Release Note


In 2021.1 release, GQE receives early-access support the following features

  • 64-bit join support: now the gqeJoin kernel and its companion gqePart kernel has been extended to 64-bit key and payload, so that larger scale of data can be supported.
  • Initial Bloom-filter support: the gqeJoin kernel now ships with a mode in which it executes Bloom-filter probing. This improves efficiency on certain multi-node flows where minimizing data size in early stage is important.

Both features are offered now as L3 pure software APIs, please check corresponding L3 test cases.


The 2020.2 release brings a major update to the GQE kernel design, and brand new L3 APIs for JOIN and GROUP-BY AGGREGATE.
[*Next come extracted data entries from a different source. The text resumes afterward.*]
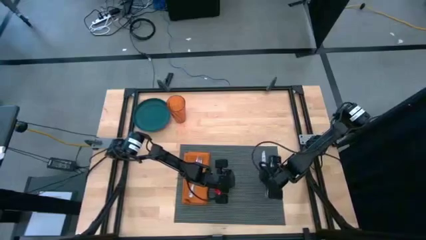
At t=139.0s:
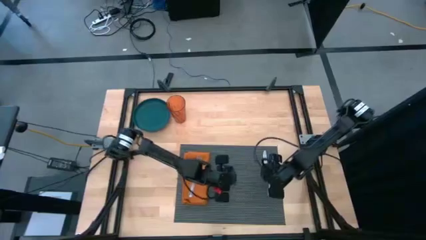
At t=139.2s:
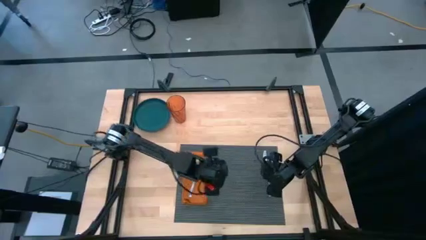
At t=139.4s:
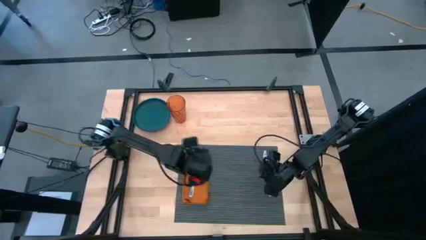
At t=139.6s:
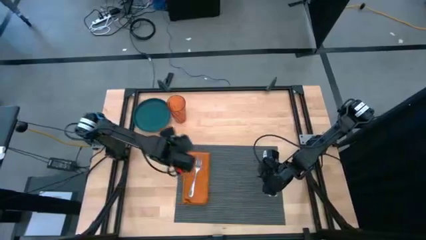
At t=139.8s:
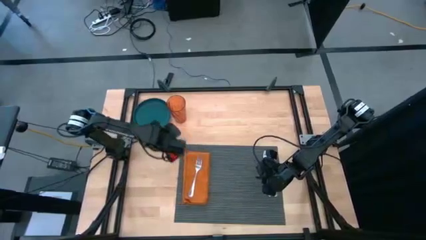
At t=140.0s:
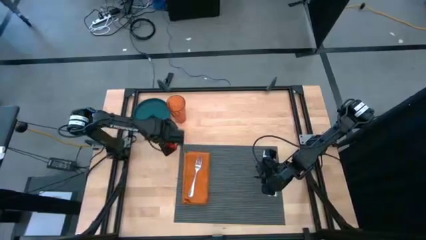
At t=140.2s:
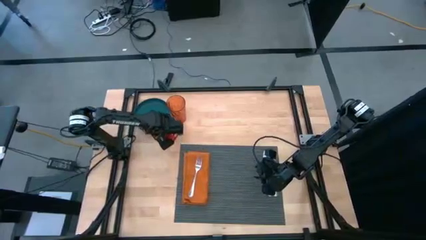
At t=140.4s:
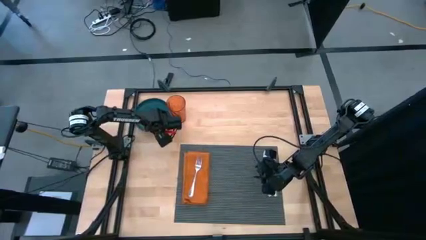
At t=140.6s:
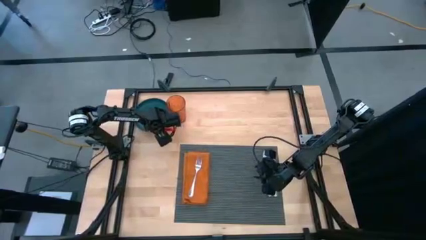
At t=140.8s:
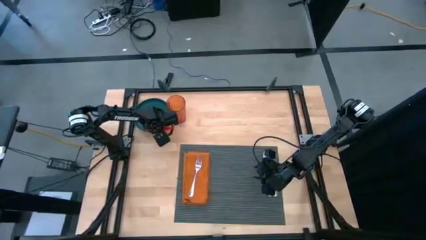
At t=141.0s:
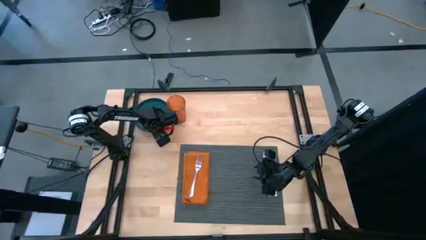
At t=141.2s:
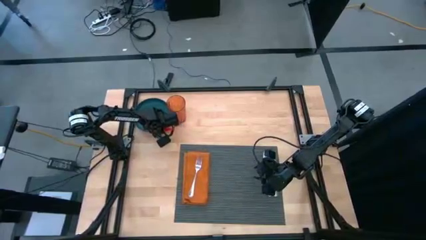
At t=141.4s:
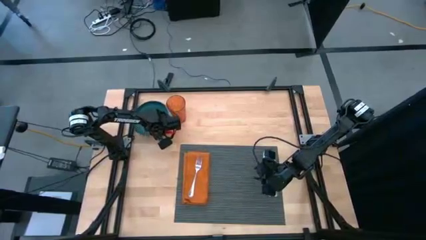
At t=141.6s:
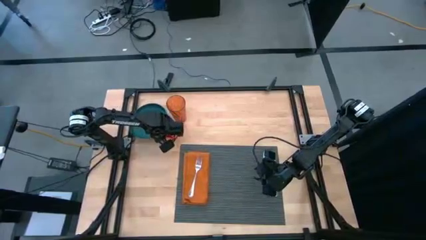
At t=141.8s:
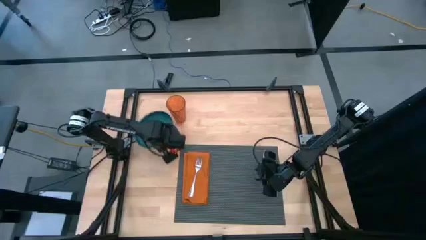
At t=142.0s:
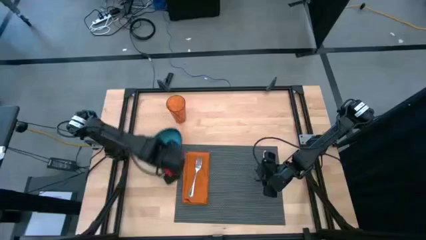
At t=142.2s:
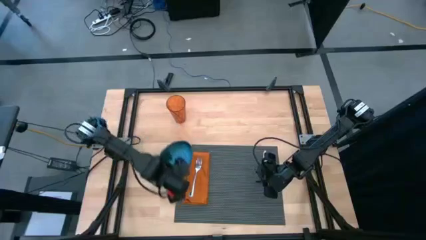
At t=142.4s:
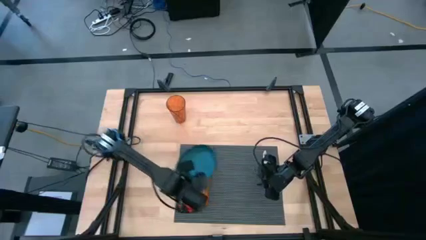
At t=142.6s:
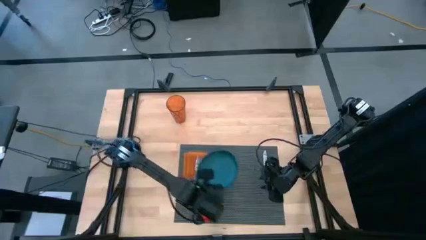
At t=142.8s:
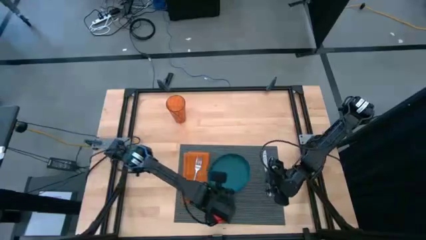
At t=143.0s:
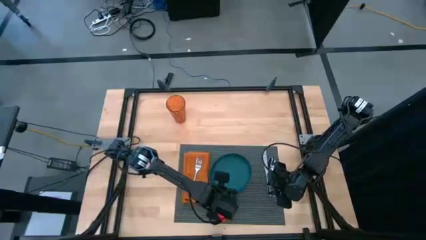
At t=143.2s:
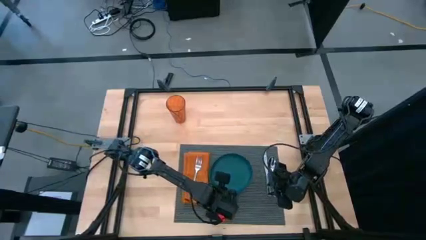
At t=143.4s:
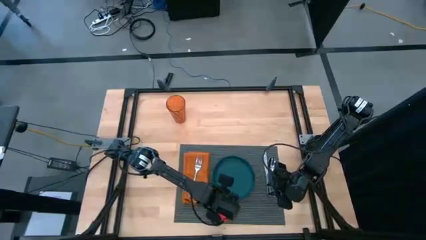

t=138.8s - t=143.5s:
Task: Set table place
Put the blue plate on top of the black placemat to the right of the orange table napkin

  • The GQE kernels now take each column as an input buffer, which can greatly simplify the data preparation on the host-code side. Also, allocating multiple buffers on host side turns should cause less out-of-memory issues comparing to a big contiguous one, especially when the server is under heavy load.
  • The L2 layer now provides command classes to generate the configuration bits for GQE kernels. Developers no longer have to dive into the bitmap table to understand which bit(s) to toggle to enable or disable a function in GQE pipeline. Thus the host code can be less error-prone and more sustainable.
  • The all-new experimental L3 APIs are built with our experiments and insights into scaling the problem size that GQE can handle. They can breakdown the tables into parts based on hash, and call the GQE kernels multiple rounds in a well-schedule fashion. The strategy of execution is separated from execution, so database gurus can fine-tune the execution based on table statistics, without messing with the OpenCL execution part.
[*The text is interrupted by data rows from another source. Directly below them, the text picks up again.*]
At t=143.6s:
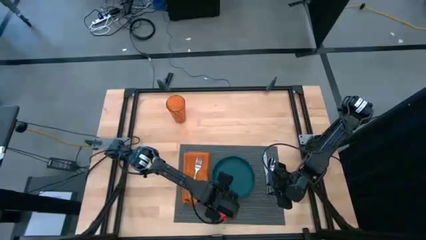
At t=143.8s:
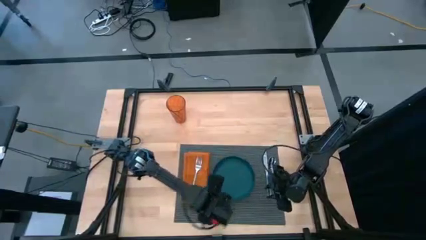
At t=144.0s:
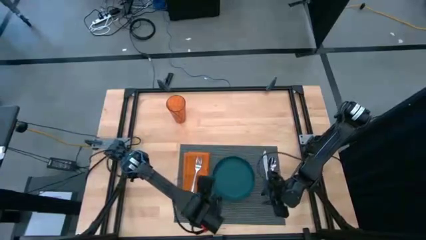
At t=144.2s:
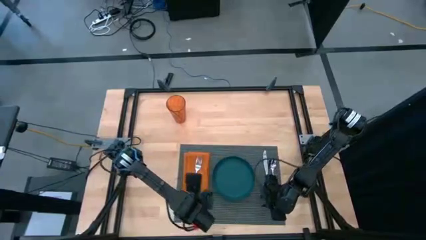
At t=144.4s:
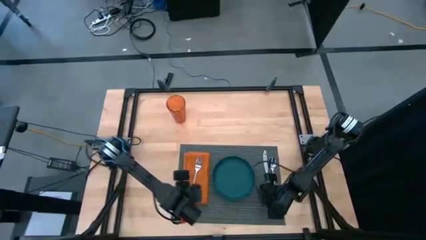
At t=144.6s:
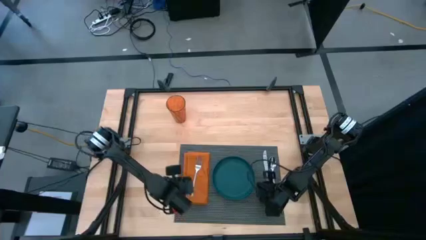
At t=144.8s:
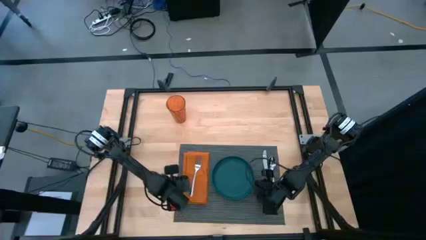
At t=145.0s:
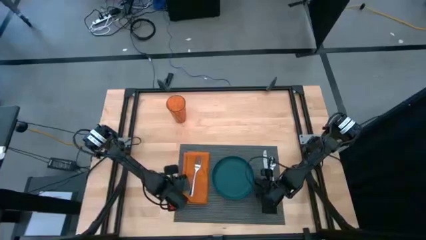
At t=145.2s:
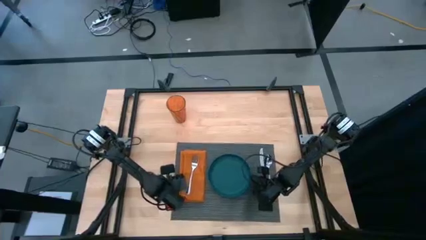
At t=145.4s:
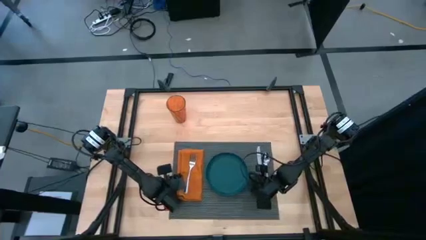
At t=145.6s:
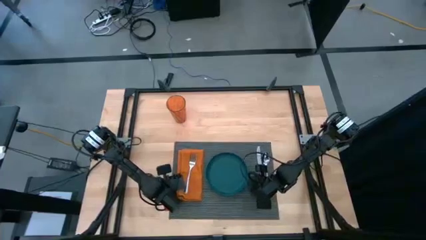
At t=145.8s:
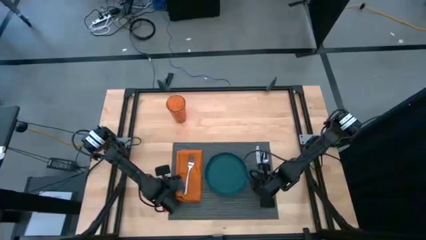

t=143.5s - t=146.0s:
Adjust the black placemat

The 2020.1 release contains:

  • Compound sort API (compoundSort): Previously three sort algorithm modules have been provided, and this new API combines insertSort and mergeSort, to provide a more scalable solution for on-chip sorting. When working with 32-bit integer keys, URAM resource on one SLR could support the design to scale to 2M entries.
  • Better HBM bandwidth usage in hash-join (hashJoinV3): In 2019.2 Alveo U280 shell, ECC has been enabled. So sub-ECC size write to HBM becomes read-modify-write, and wastes some bandwidth. The hashJoinV3 primitive in this release has been modified to use 256-bit port, to avoid this problem.
  • Various bug fixes: many small issues has been cleaned up, especially in host code of L2/demos.


The 2019.2 release introduces GQE (generic query engine) kernels, which are post-bitstream programmable and allow different SQL queries to be accelerated with one xclbin. It is conceptually a big step from per-query design, and a sound example of Xilinx’s acceleration approach.
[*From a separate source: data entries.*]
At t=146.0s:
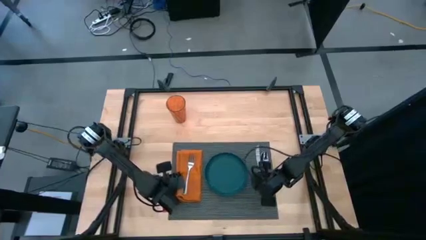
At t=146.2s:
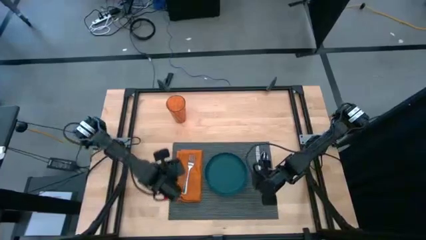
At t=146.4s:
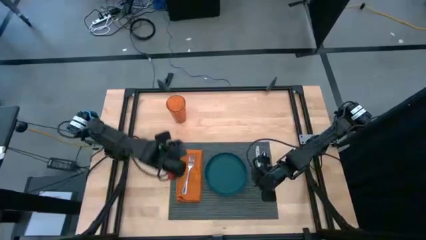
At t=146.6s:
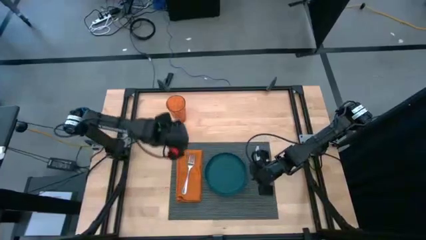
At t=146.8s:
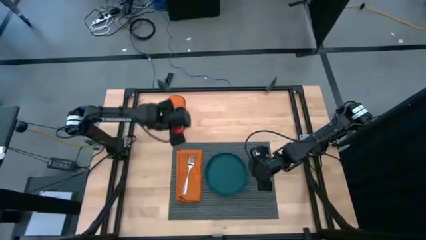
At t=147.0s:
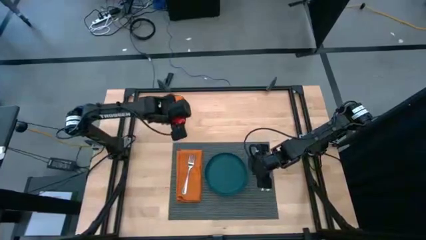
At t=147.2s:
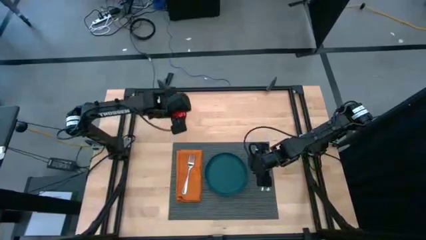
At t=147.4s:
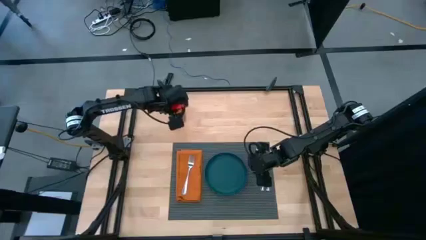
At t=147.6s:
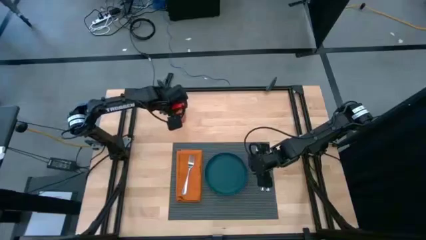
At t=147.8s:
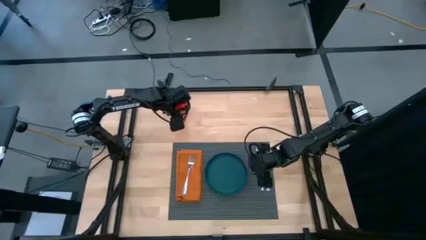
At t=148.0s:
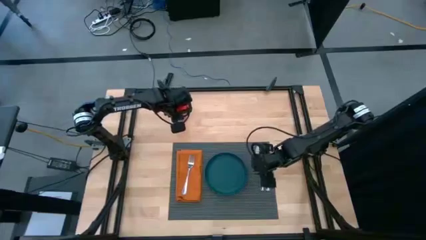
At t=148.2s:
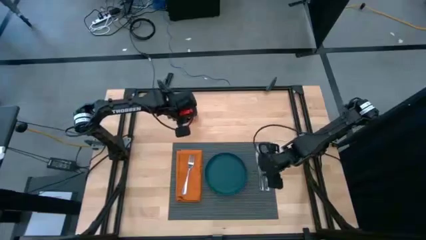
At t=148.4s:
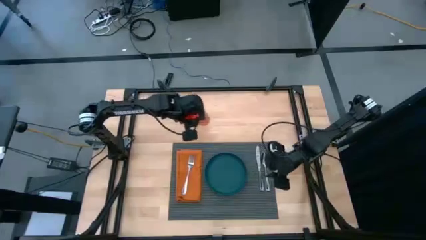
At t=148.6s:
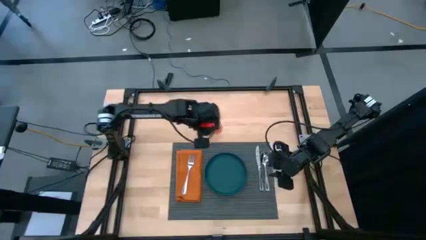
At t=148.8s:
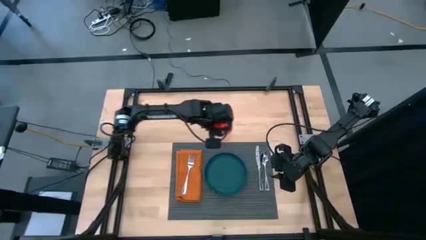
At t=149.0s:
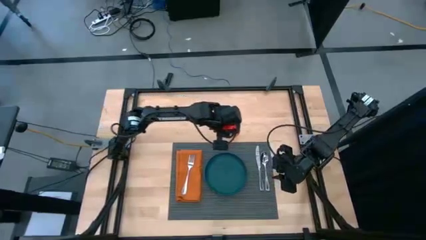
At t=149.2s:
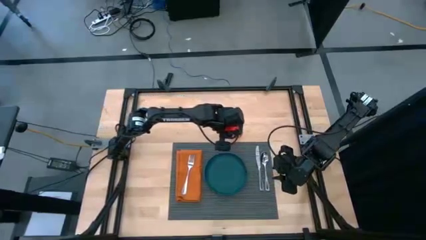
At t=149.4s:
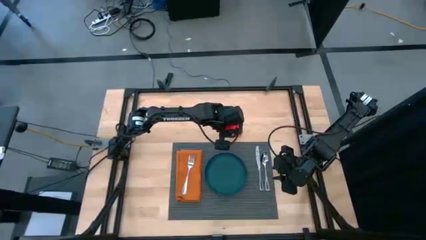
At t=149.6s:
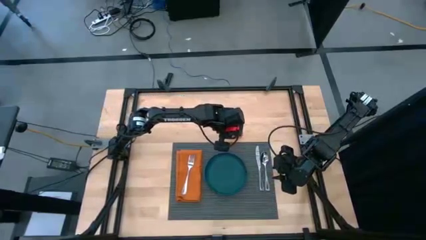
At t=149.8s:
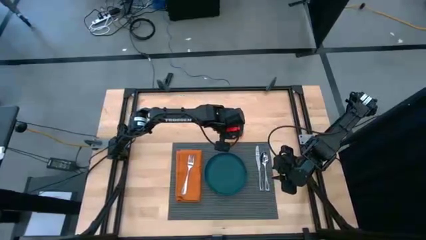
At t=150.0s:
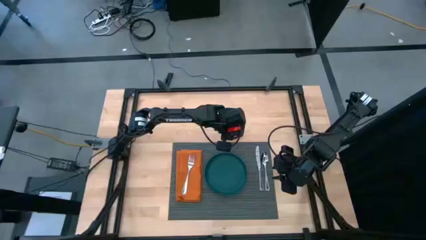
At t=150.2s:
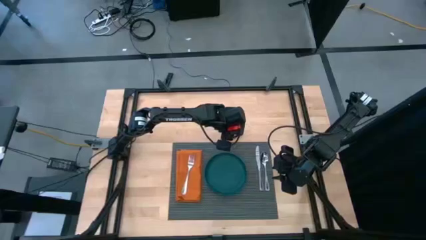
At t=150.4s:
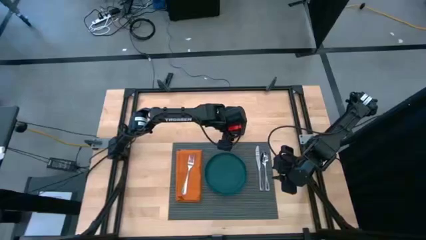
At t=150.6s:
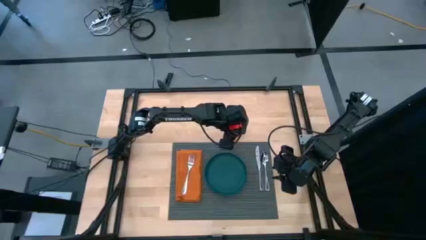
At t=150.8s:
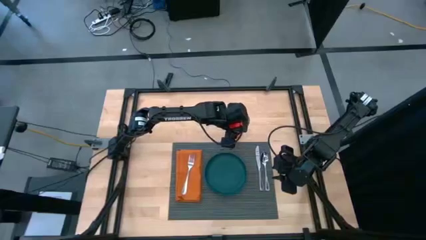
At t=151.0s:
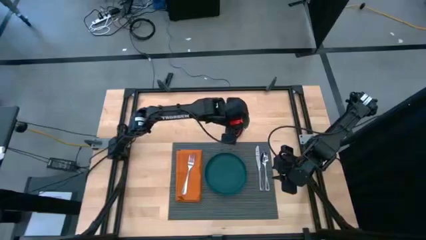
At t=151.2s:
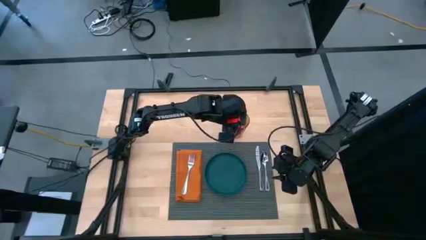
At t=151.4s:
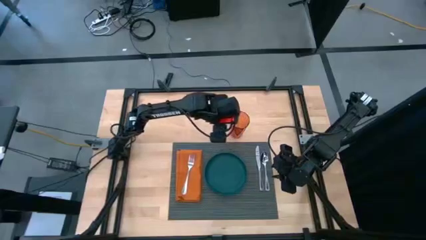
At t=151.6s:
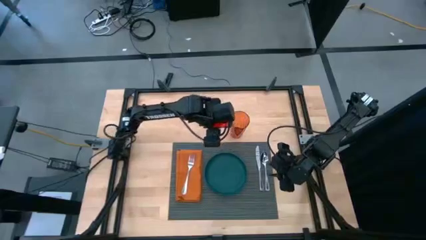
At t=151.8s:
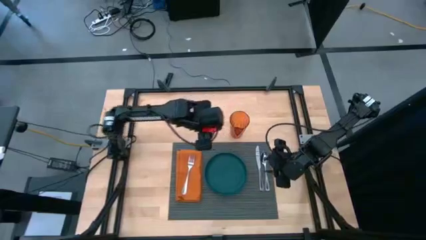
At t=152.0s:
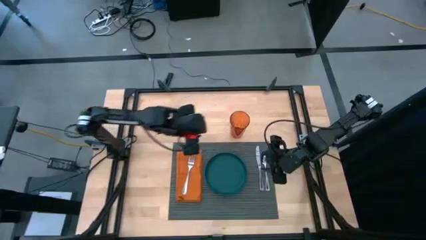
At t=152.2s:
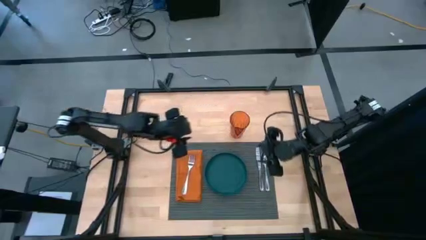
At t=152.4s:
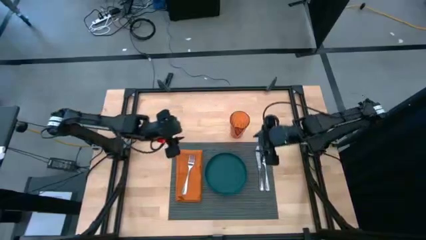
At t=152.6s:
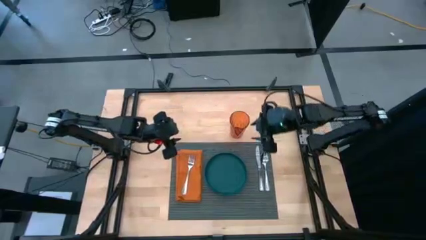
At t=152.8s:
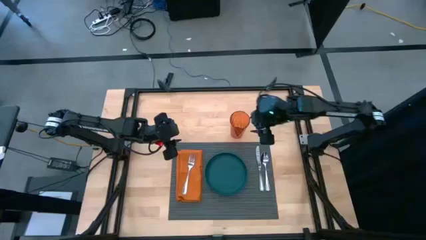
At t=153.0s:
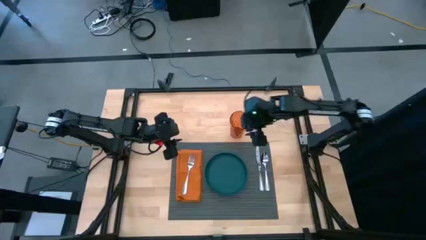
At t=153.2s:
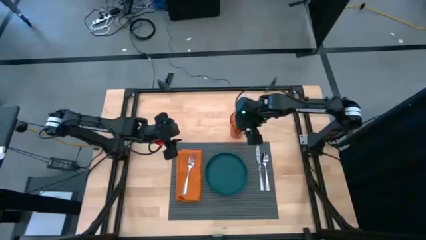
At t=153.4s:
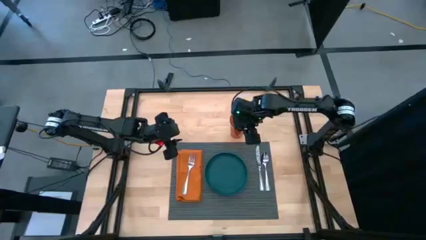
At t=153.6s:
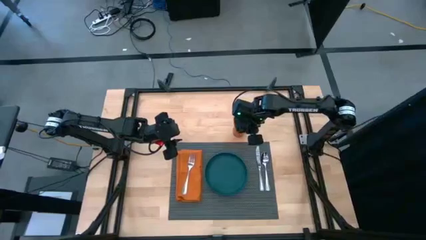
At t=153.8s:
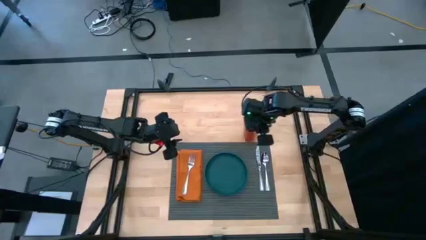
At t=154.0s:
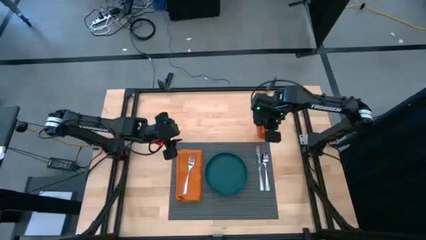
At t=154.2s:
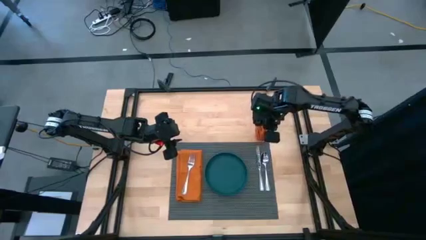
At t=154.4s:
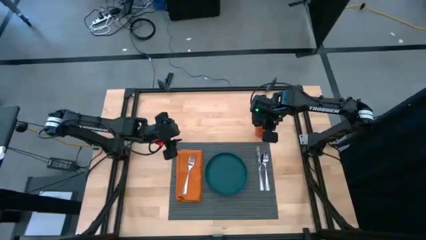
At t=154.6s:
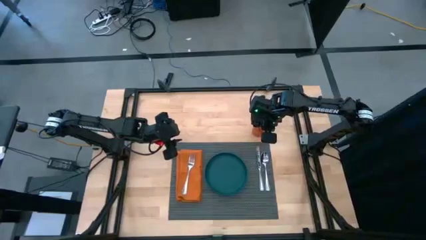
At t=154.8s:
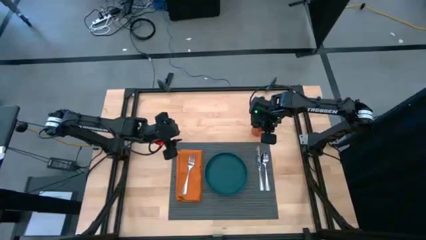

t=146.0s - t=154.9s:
Put the orange cup to the top left of the black placemat

Each GQE kernel is essentially a programmable pipeline of execution step primitives, which can be enabled or bypassed via run-time configuration.

Internal Release

The first release provides a range of HLS primitives for mapping the execution plan steps in relational database. They cover most of the occurrence in the plan generated from TPC-H 22 queries.

These modules work in streaming fashion and can work in parallel when possible.